Let me start by telling you how mad I am that I can’t have a pair of limited edition Converse sneakers with little lions on them.

I wish I’d never seen these fucking shoes but unfortunately for me, I subscribe to a couple of fashion sites for cutting edge men’s street-wear. If you recall, I am a gay man in a woman’s body.

A few months ago, one of these sites showed me an overpriced Japanese jacket meant to look like a souvenir jacket from Korea or Vietnam, the kind with embroidered tigers and maps on them. When the jacket sold out, I was mad that I’d passed it up.

So the Converse shoes reminded me of the jacket and even better, they were affordable. But they were sold out everywhere by the time I clicked on the email. The more unattainable they are, the more they promise the key to perfect happiness.

But just a few days earlier, I was horrified to learn that the Rihanna Puma Creepers I already have in black were released in pink. How could this happen without me being notified?? I found out from a girl in the mall who was showing me some cheap make-up, and she must have been amazed that a 62 year old woman wanted those fucking shoes as much as she did, if not more. We bonded in our sense of thwarted desire.

After a tense search of the entire internet, I found a pair on eBay. Problem solved.

But not really. Not at all.

This obsession and longing for material goods is the foundation of our economy but it serves a deeper purpose, for me, anyway.

It’s the ultimate First World Problem, in that it masks other First World Problems that I simply can’t handle.

Those problems are grief and loss. They are persistent like a toothache. I can’t bear the reality of them, and when I can’t distract myself with more superficial problems, I have to take myself to bed.

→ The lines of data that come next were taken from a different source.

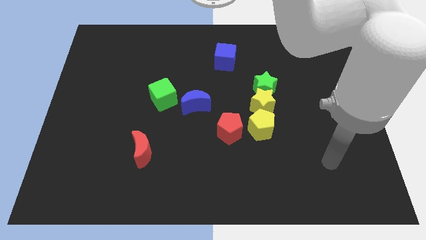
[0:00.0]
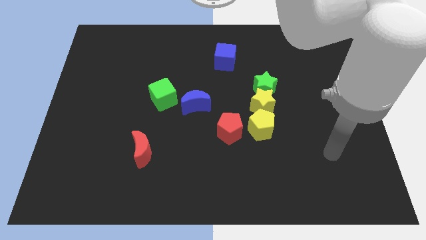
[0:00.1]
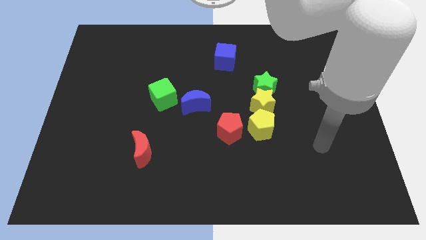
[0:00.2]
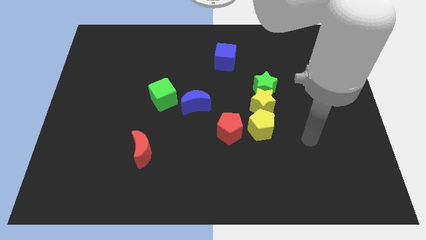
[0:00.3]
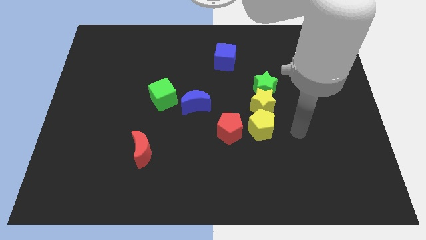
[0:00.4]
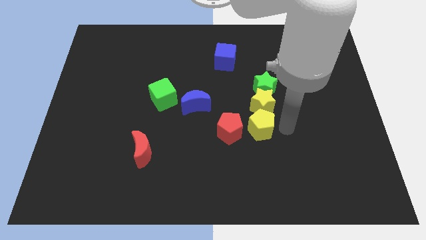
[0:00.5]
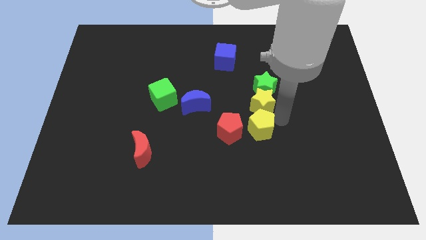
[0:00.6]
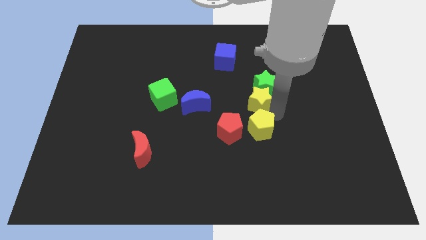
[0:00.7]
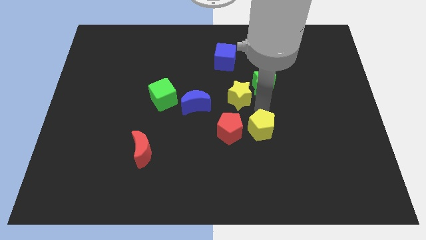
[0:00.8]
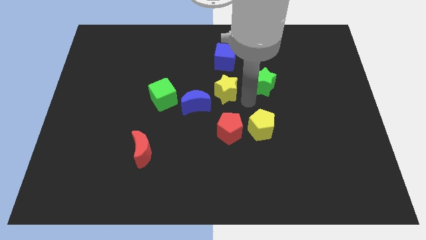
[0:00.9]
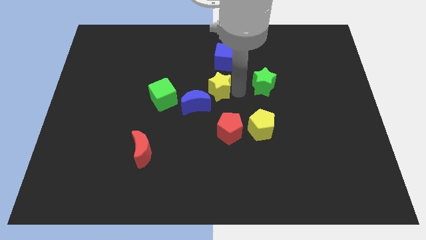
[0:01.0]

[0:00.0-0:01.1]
pull the green star apart from the yellow star

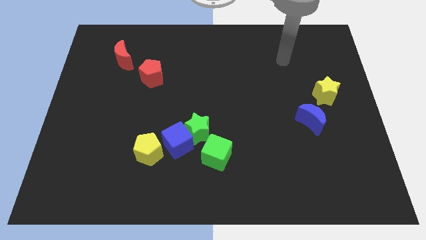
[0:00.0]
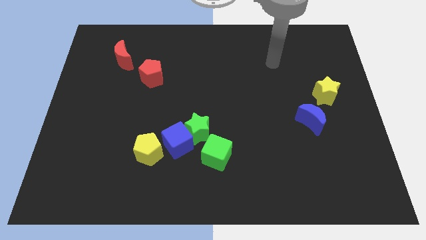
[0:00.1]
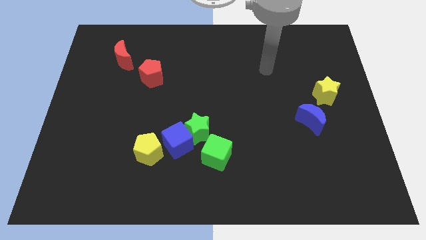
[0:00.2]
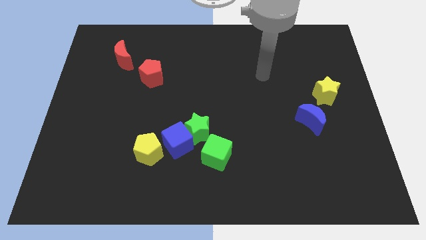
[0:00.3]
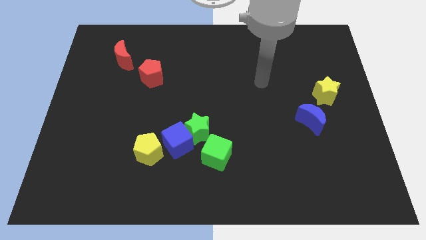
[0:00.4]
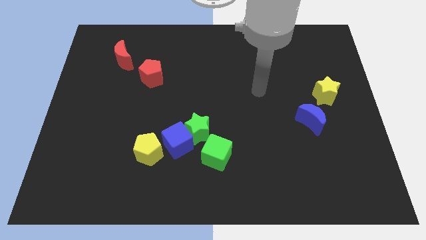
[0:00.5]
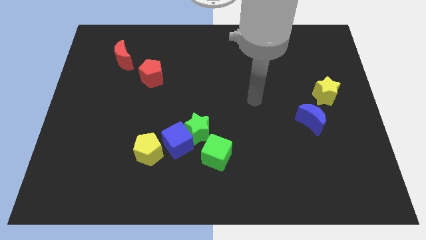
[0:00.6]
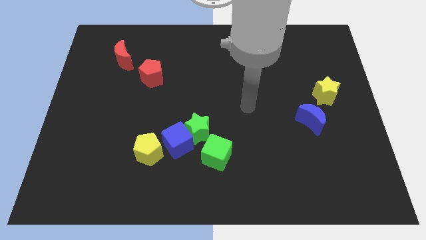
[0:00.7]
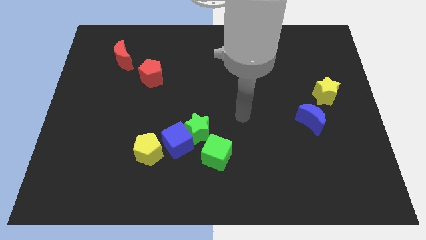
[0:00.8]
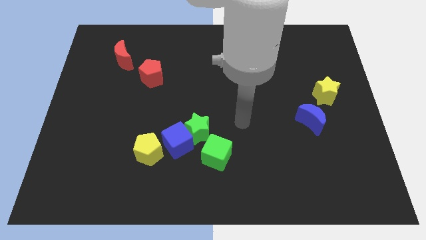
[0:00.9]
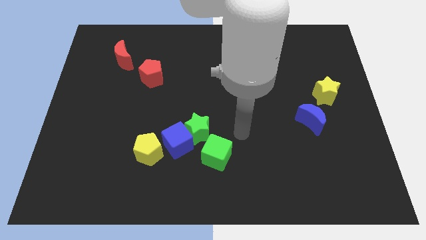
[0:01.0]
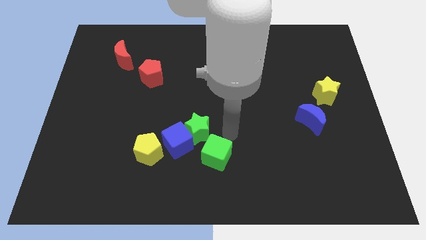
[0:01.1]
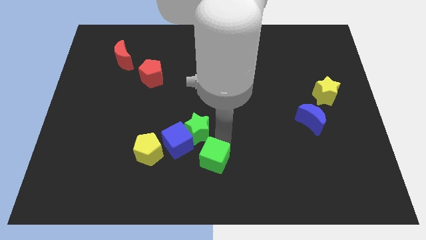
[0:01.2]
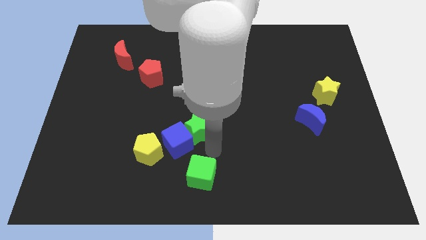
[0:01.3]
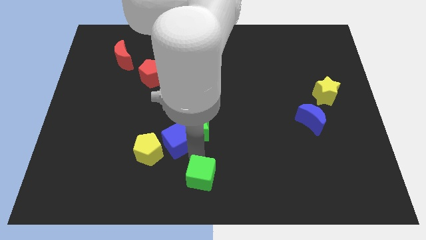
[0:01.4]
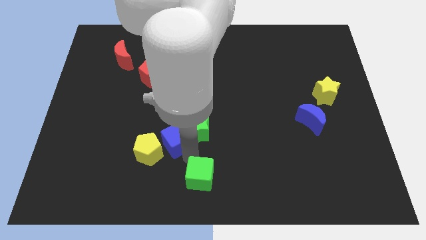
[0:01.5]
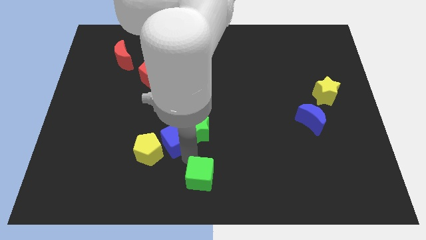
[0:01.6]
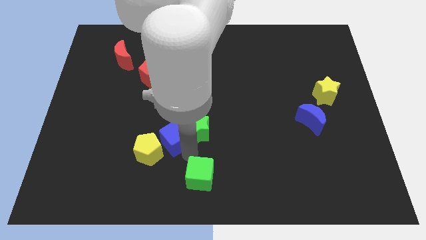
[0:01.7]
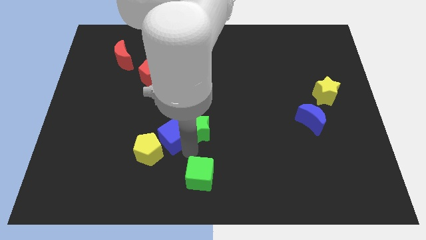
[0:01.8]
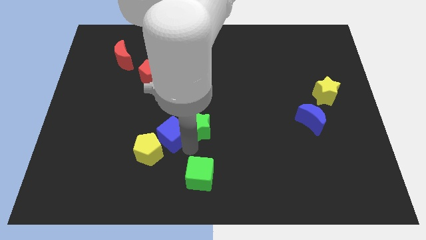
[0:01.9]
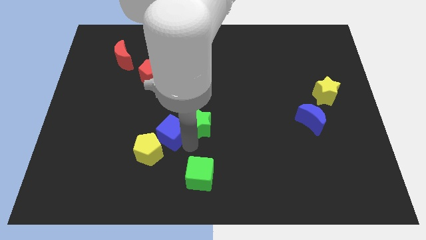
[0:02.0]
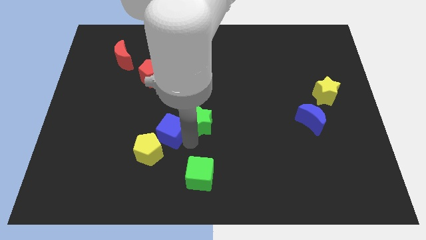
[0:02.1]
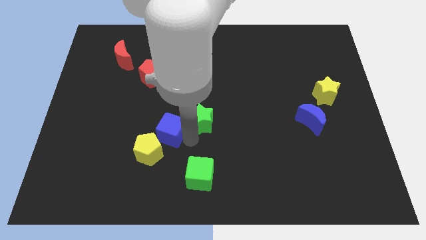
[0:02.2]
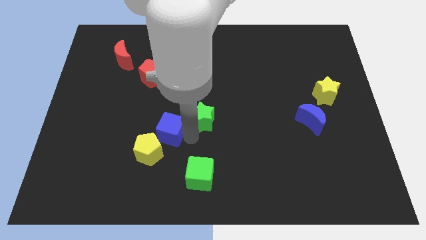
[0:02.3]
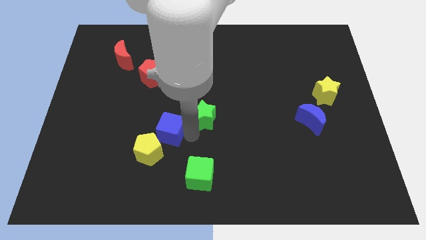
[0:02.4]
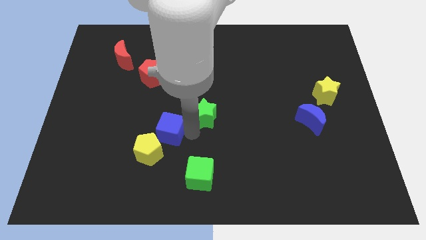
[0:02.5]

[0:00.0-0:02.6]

When I take myself to bed, I know I would give anything to not wake up, but just blotting out a few hours usually gets me through the worst of it.

Last year, I became Facebook friends with a guru from Tibet. I liked his wisdom and his sense of humor. So I asked him how to cope with grief. When I told him that I’d lost a son, he replied that mortality was high in Tibet; families are used to losing children.

I felt he was chastising me but perhaps he was merely being factual.

Why was I making a big deal over my loss? Families in Tibet lose a child but still have to worry about typhoons and lack of plumbing and hunger and disease. They expect life to be hard and it is.

The guru directed me to a philosophy than might help to redirect me but like everything else I have tried, it was a hurdle beyond my capacity. Mindfulness, Dialectic Behavior Therapy, Tonglen, support groups, grief studies, Radical Acceptance, nothing matches the force of this unspeakable grief and loss.

I have spent most of my life saving baby teeth, book reports, handmade crafts, mother’s day cards, school photos, birthday party photos, baseball cards, rock collections, and I have lovingly organized them or displayed them.

I have boxes of Christmas ornaments, many hand made by my sons, but no sons to hang them on a tree or to open presents with.

Christmas will pass, so the sense of deprivation will be less acute but it will take a lot of limited edition sneakers to pull me away from the fucking abyss.

In Chennai, India, there is historic flooding, the worst in 100 years. Three million people are without basic services and 269 people have died in this epic disaster. I can’t imagine how desperate these people must feel because I only know First World Problems.

Feeling ambivalent about living is a First World Problem, and I guess I’ll have to wrestle with it in my White Privileged manner, wearing my pink Pumas if they ever show up.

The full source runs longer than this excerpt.